[ovirt-users] Xcp-ng, first impressions as an oVirt HCI alternative

Thomas Hoberg Mon, 14 Feb 2022 11:30:24 -0800

Comments & motivational stuff were moved to the end...

Source/license:
Xen the hypervisor is moved to the Linux foundation. Perpetual open source, 
free to use.
Xcp-ng is a distribution of Xen, produced by a small French company based on 
Xen using (currently) a Linux 4.19 LTS kernel and an EL7 frozen userland from 
July 2020: they promise open source and free to use forever

Mode of operation:
You install Xcp-ng on your (bare metal) hardware. You manage nodes via
XenOrchestrator, which is a big Node.js application you can run in pretty much
any way you want.

Business model:
You can buy support for Xcp-ng at different levels of quality.
XenOrchestrator as AN APPLIANCE exposes different levels of functionality
depending on the level of support you buy.
But you get the full source code of the appliance and can compile it yourself
to support the full set of qualities.
There is a script out there, which allows you to auto-generate the appliance
with a single command.
In short you are never forced to pay, but better help can be purchased.
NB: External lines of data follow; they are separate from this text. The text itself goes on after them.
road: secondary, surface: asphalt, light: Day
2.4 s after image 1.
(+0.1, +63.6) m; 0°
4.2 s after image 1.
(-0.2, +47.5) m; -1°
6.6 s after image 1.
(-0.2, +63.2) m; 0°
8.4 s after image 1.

How does it feel to a CentOS/RHEL user?
The userland on the nodes is EL7, but you shouldn't touch that.
CLI is classic Xen, nothing like KVM or oVirt.
I guess libVirt and virsh should be similar, if they live up to their promise
at all.
Standard user-land on Orchestrator appliance is Debian, but you can build it on
pretty much any Linux with that script: all interaction is meant to be done via
Web-UI.

Installation/setup:
There is an image/ISO much like the oVirt node image. Based on a Linux 4.19 LTS
kernel and an EL7 frozen userland from July 2020 and a freshly maintained Xen
with tools.
Installation on bare metal or VMs (e.g. for nested experimentation) is a snap,
HCL isn't extraordinary. I'm still fighting to get the 2.5/5GBit USB3 NIC
working that I like using for my smallest test systems.

A single command on one node will download the "free"-Orchestrator appliance
(aka Xoa) and install it as a VM on that node. It's installed as auto-launch
and just point your brower to its IP to start with the GUI.
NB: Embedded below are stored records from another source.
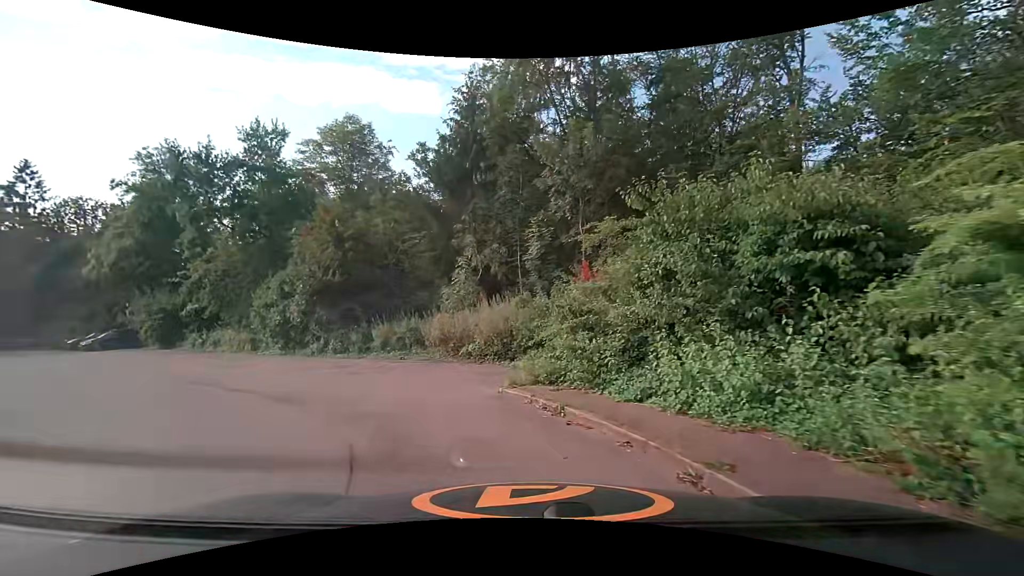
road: service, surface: asphalt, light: Day
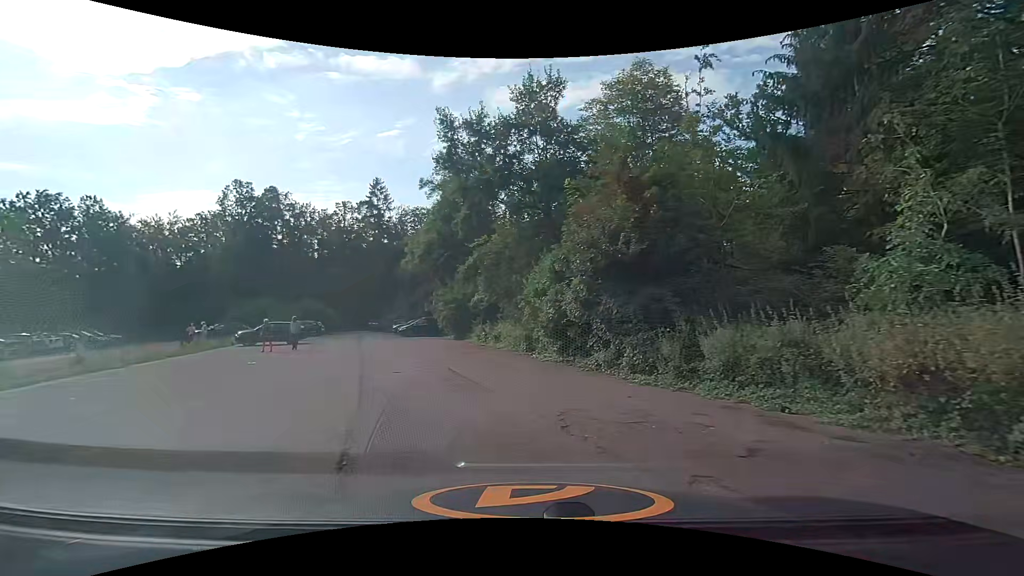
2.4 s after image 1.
(-2.4, +8.7) m; -33°
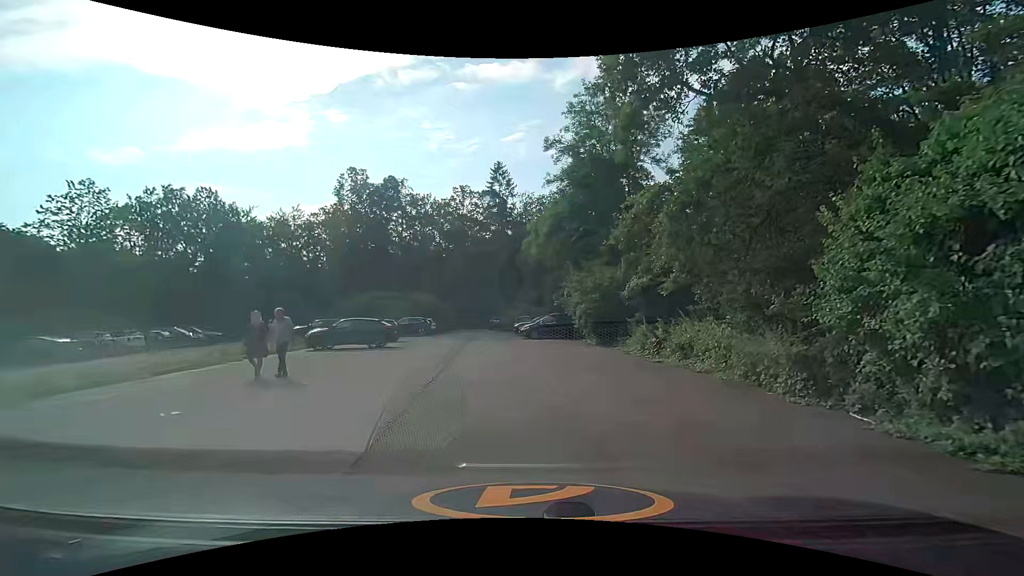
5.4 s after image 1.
(-1.8, +11.6) m; -14°
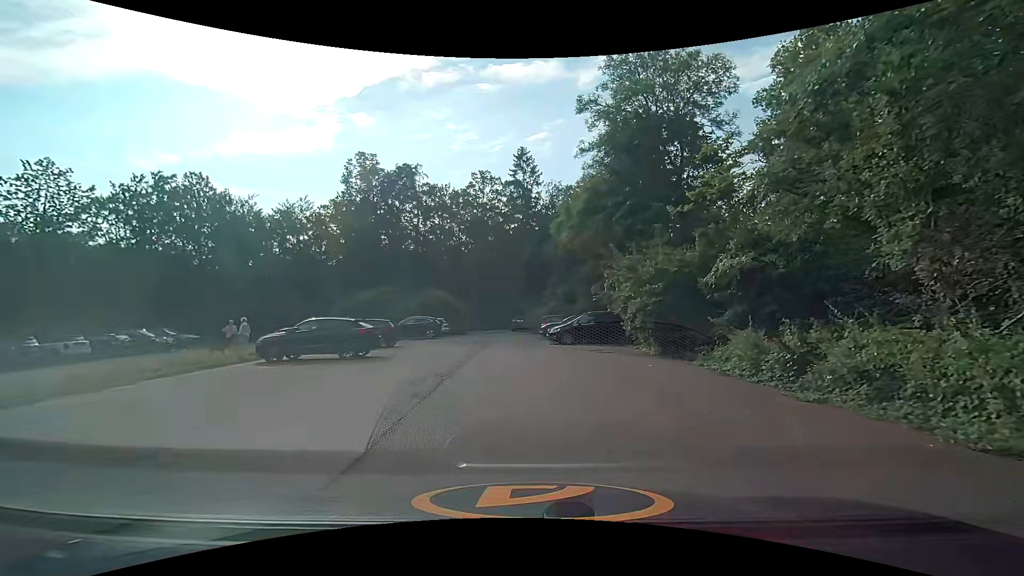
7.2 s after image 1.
(-0.1, +7.1) m; -3°
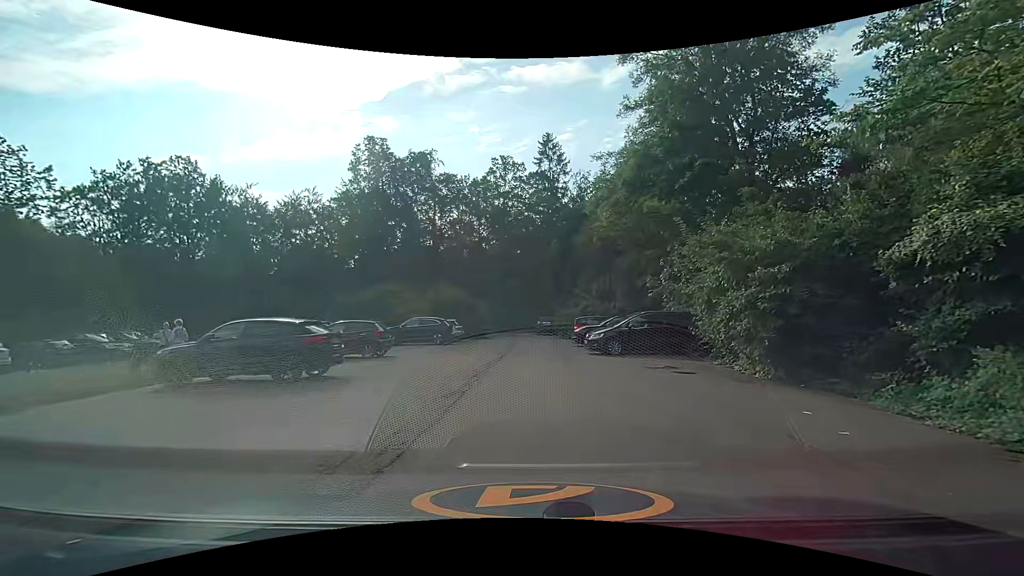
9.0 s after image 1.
(-0.2, +6.5) m; -3°
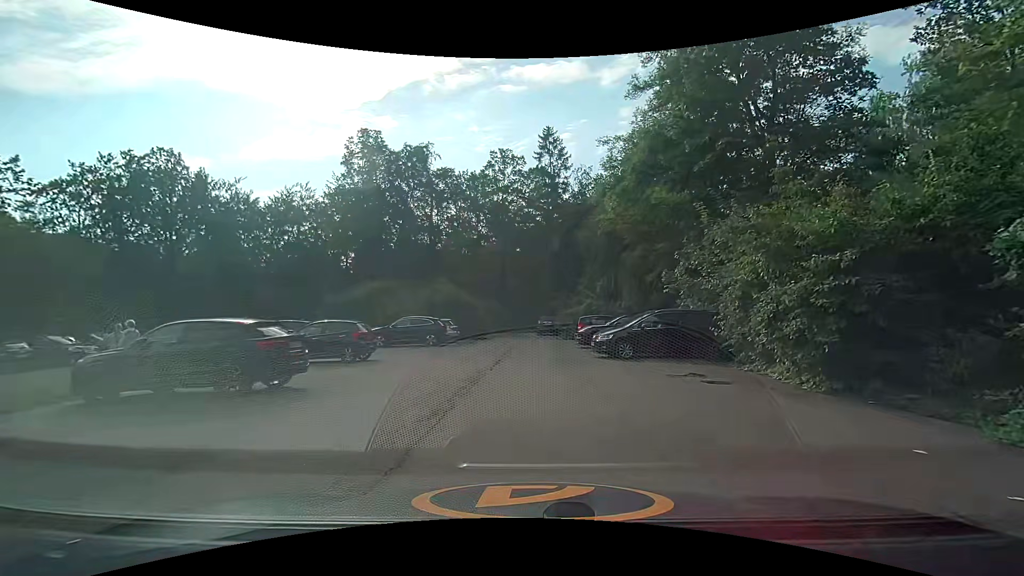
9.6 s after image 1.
(0.0, +2.1) m; 0°

There is various other ways to build or run the GUI, which can be run on
anything remotely Linux, within the nodes or outside: more on this in the next
section.

The management appliance (Xoa) will run with only 2GB of RAM and 10GB of disk
for a couple of hosts. You grow to dozens of hosts, give a little more RAM and
it will be fine. Compare to the oVirt management engine it's very, very light
seems to have vastly less parts that can break.

And if it does, that doesn't matter, because it is pretty much stateless. E.g.
pool membership and configuratoin is on the nodes, so if you connect from
another Xoa they will just carry over. Ditto storage, that configuration which
oVirt keeps in the management engines Postgres database, is on the nodes in Xcp
and can be changed by any connected Xoa.

Operation:
Xen nodes are much more autonomous then oVirt hosts. The use whatever storage
they might have locally, or attached via SAN/NAS/Gluster[!!!] and others.They
will operate without a management engine much like "single node HCI oVirt" or
they can be joined into a pool, which opens up live migration and HA. A pool is
created by telling a node that it's the master now and then adding other nodes
to join in. The master can be changed and nodes can be moved to other pools.
Adding and removing nodes to a pool is very quick and easy and it's the same
for additional storage repositories: Any shared storage added to any node is
immediately visible to the pool and disks can be flipped between local and
shared storage very easily (I haven't tried live disk moves, but they could
work).

Having nodes in a pool qualfies them for live migration (CPU architecture
caveats apply). If storage is local, it will move with the VM, if storage is
shared, only RAM will move.

You can also move VMs not sharing a pool and even across different x86 variants
(e.g. AMD and Intel), when VMs are down. If you've ever daddled with "Export
domains" or "Backup domains" in oVirt, you just can't believe how quick and
easy these things are in Xcp-ng. VMs and their disks can be moved, copied,
cloned, backed-up and restore with a minimum of fuzz including continuous
backups on running machines.

You can label machines as "HA" so they'll always be restarted elsewhere, should
a host go down. You can define policies for how to balance workloads across
hosts and ensure that HA pairs won't share a host, pretty similar to oVirt.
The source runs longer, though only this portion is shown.